(Exercise aim):
All of the data below should be printed again exactly, pictures excluded.

(Extracted material):
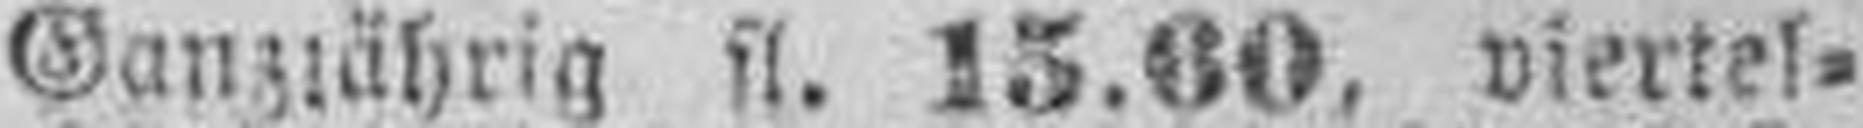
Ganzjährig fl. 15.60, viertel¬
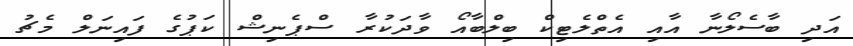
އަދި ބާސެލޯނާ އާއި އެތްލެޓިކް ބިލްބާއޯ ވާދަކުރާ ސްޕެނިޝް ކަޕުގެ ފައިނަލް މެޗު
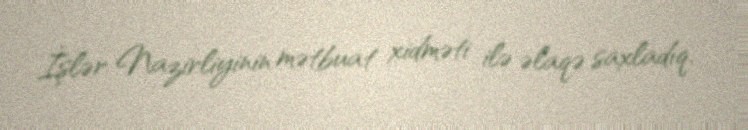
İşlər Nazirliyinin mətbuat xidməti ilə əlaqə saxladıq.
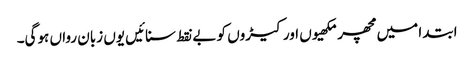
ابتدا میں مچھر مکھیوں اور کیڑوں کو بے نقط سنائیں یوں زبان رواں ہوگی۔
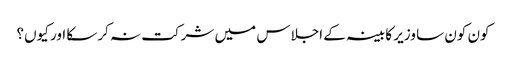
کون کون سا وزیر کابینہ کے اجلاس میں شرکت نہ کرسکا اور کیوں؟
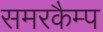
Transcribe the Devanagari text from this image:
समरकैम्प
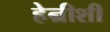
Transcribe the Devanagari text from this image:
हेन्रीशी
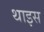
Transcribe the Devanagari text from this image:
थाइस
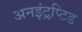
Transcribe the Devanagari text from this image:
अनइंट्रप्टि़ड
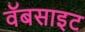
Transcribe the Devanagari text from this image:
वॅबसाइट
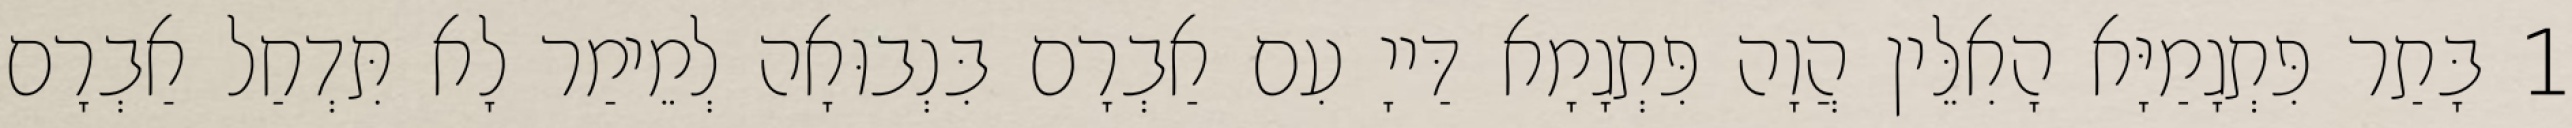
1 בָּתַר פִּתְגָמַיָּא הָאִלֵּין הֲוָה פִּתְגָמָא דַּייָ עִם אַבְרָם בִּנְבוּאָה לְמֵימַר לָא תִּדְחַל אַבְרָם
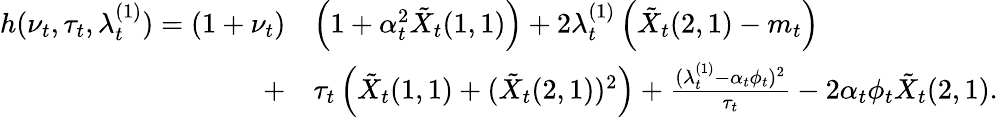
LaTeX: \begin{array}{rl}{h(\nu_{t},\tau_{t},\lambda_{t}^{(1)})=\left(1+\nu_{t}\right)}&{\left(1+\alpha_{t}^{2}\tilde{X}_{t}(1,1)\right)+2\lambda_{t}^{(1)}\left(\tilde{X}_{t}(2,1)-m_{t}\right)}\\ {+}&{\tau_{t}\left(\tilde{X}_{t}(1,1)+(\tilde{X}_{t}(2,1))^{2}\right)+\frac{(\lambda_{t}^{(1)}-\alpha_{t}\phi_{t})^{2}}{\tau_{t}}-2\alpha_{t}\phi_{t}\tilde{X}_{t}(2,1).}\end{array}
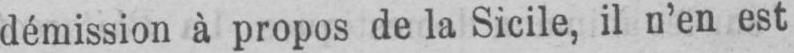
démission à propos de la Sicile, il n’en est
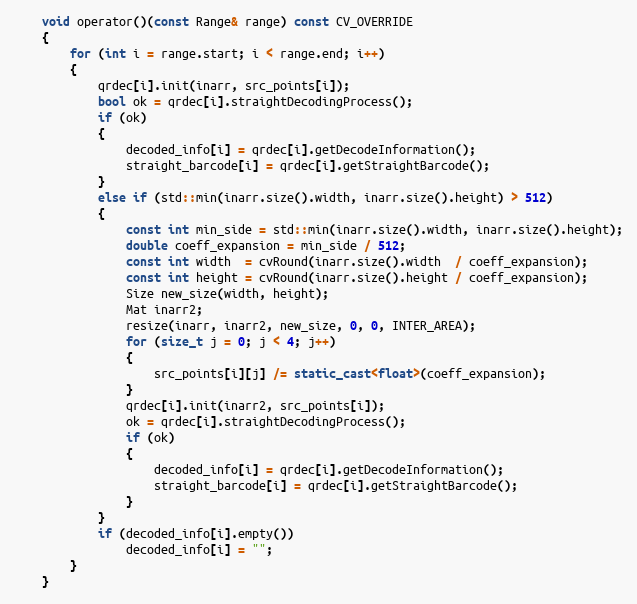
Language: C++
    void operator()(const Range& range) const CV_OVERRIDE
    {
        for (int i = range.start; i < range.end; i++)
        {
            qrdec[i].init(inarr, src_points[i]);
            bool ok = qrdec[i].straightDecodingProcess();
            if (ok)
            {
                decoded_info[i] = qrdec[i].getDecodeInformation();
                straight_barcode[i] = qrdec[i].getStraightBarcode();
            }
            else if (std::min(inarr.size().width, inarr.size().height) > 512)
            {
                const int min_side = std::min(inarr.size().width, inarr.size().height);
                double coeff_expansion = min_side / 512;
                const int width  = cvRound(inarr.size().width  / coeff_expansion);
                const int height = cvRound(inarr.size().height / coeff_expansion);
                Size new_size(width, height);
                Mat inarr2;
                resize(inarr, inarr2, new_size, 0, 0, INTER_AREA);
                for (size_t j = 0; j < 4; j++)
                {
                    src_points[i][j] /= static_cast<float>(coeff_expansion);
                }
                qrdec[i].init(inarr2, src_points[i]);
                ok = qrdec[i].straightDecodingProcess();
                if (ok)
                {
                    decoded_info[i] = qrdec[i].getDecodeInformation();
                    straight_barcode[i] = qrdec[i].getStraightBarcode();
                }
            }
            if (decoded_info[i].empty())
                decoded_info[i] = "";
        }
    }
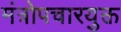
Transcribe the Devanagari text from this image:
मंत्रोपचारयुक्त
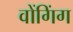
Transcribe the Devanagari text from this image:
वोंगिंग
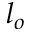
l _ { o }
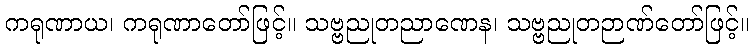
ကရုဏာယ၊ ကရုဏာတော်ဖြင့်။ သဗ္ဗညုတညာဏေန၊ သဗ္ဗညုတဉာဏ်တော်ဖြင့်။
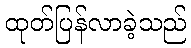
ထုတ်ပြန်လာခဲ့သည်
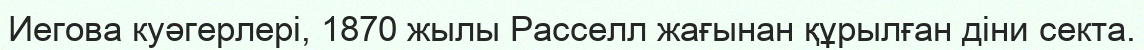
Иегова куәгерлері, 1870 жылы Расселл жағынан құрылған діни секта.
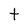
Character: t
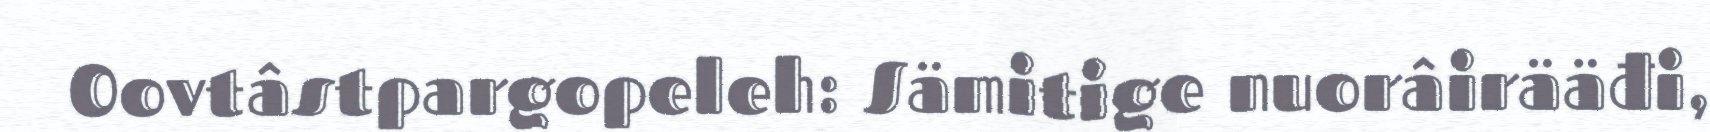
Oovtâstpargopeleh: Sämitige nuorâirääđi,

(Output for this task):
Ganzjährig fl. 15.60, viertel¬
އަދި ބާސެލޯނާ އާއި އެތްލެޓިކް ބިލްބާއޯ ވާދަކުރާ ސްޕެނިޝް ކަޕުގެ ފައިނަލް މެޗު
İşlər Nazirliyinin mətbuat xidməti ilə əlaqə saxladıq.
ابتدا میں مچھر مکھیوں اور کیڑوں کو بے نقط سنائیں یوں زبان رواں ہوگی۔
کون کون سا وزیر کابینہ کے اجلاس میں شرکت نہ کرسکا اور کیوں؟
Transcribe the Devanagari text from this image:
समरकैम्प
Transcribe the Devanagari text from this image:
हेन्रीशी
Transcribe the Devanagari text from this image:
थाइस
Transcribe the Devanagari text from this image:
अनइंट्रप्टि़ड
Transcribe the Devanagari text from this image:
वॅबसाइट
1 בָּתַר פִּתְגָמַיָּא הָאִלֵּין הֲוָה פִּתְגָמָא דַּייָ עִם אַבְרָם בִּנְבוּאָה לְמֵימַר לָא תִּדְחַל אַבְרָם
LaTeX: \begin{array}{rl}{h(\nu_{t},\tau_{t},\lambda_{t}^{(1)})=\left(1+\nu_{t}\right)}&{\left(1+\alpha_{t}^{2}\tilde{X}_{t}(1,1)\right)+2\lambda_{t}^{(1)}\left(\tilde{X}_{t}(2,1)-m_{t}\right)}\\ {+}&{\tau_{t}\left(\tilde{X}_{t}(1,1)+(\tilde{X}_{t}(2,1))^{2}\right)+\frac{(\lambda_{t}^{(1)}-\alpha_{t}\phi_{t})^{2}}{\tau_{t}}-2\alpha_{t}\phi_{t}\tilde{X}_{t}(2,1).}\end{array}
démission à propos de la Sicile, il n’en est
Language: C++
    void operator()(const Range& range) const CV_OVERRIDE
    {
        for (int i = range.start; i < range.end; i++)
        {
            qrdec[i].init(inarr, src_points[i]);
            bool ok = qrdec[i].straightDecodingProcess();
            if (ok)
            {
                decoded_info[i] = qrdec[i].getDecodeInformation();
                straight_barcode[i] = qrdec[i].getStraightBarcode();
            }
            else if (std::min(inarr.size().width, inarr.size().height) > 512)
            {
                const int min_side = std::min(inarr.size().width, inarr.size().height);
                double coeff_expansion = min_side / 512;
                const int width  = cvRound(inarr.size().width  / coeff_expansion);
                const int height = cvRound(inarr.size().height / coeff_expansion);
                Size new_size(width, height);
                Mat inarr2;
                resize(inarr, inarr2, new_size, 0, 0, INTER_AREA);
                for (size_t j = 0; j < 4; j++)
                {
                    src_points[i][j] /= static_cast<float>(coeff_expansion);
                }
                qrdec[i].init(inarr2, src_points[i]);
                ok = qrdec[i].straightDecodingProcess();
                if (ok)
                {
                    decoded_info[i] = qrdec[i].getDecodeInformation();
                    straight_barcode[i] = qrdec[i].getStraightBarcode();
                }
            }
            if (decoded_info[i].empty())
                decoded_info[i] = "";
        }
    }
Transcribe the Devanagari text from this image:
मंत्रोपचारयुक्त
Transcribe the Devanagari text from this image:
वोंगिंग
l _ { o }
ကရုဏာယ၊ ကရုဏာတော်ဖြင့်။ သဗ္ဗညုတညာဏေန၊ သဗ္ဗညုတဉာဏ်တော်ဖြင့်။
ထုတ်ပြန်လာခဲ့သည်
Иегова куәгерлері, 1870 жылы Расселл жағынан құрылған діни секта.
Character: t
Oovtâstpargopeleh: Sämitige nuorâirääđi,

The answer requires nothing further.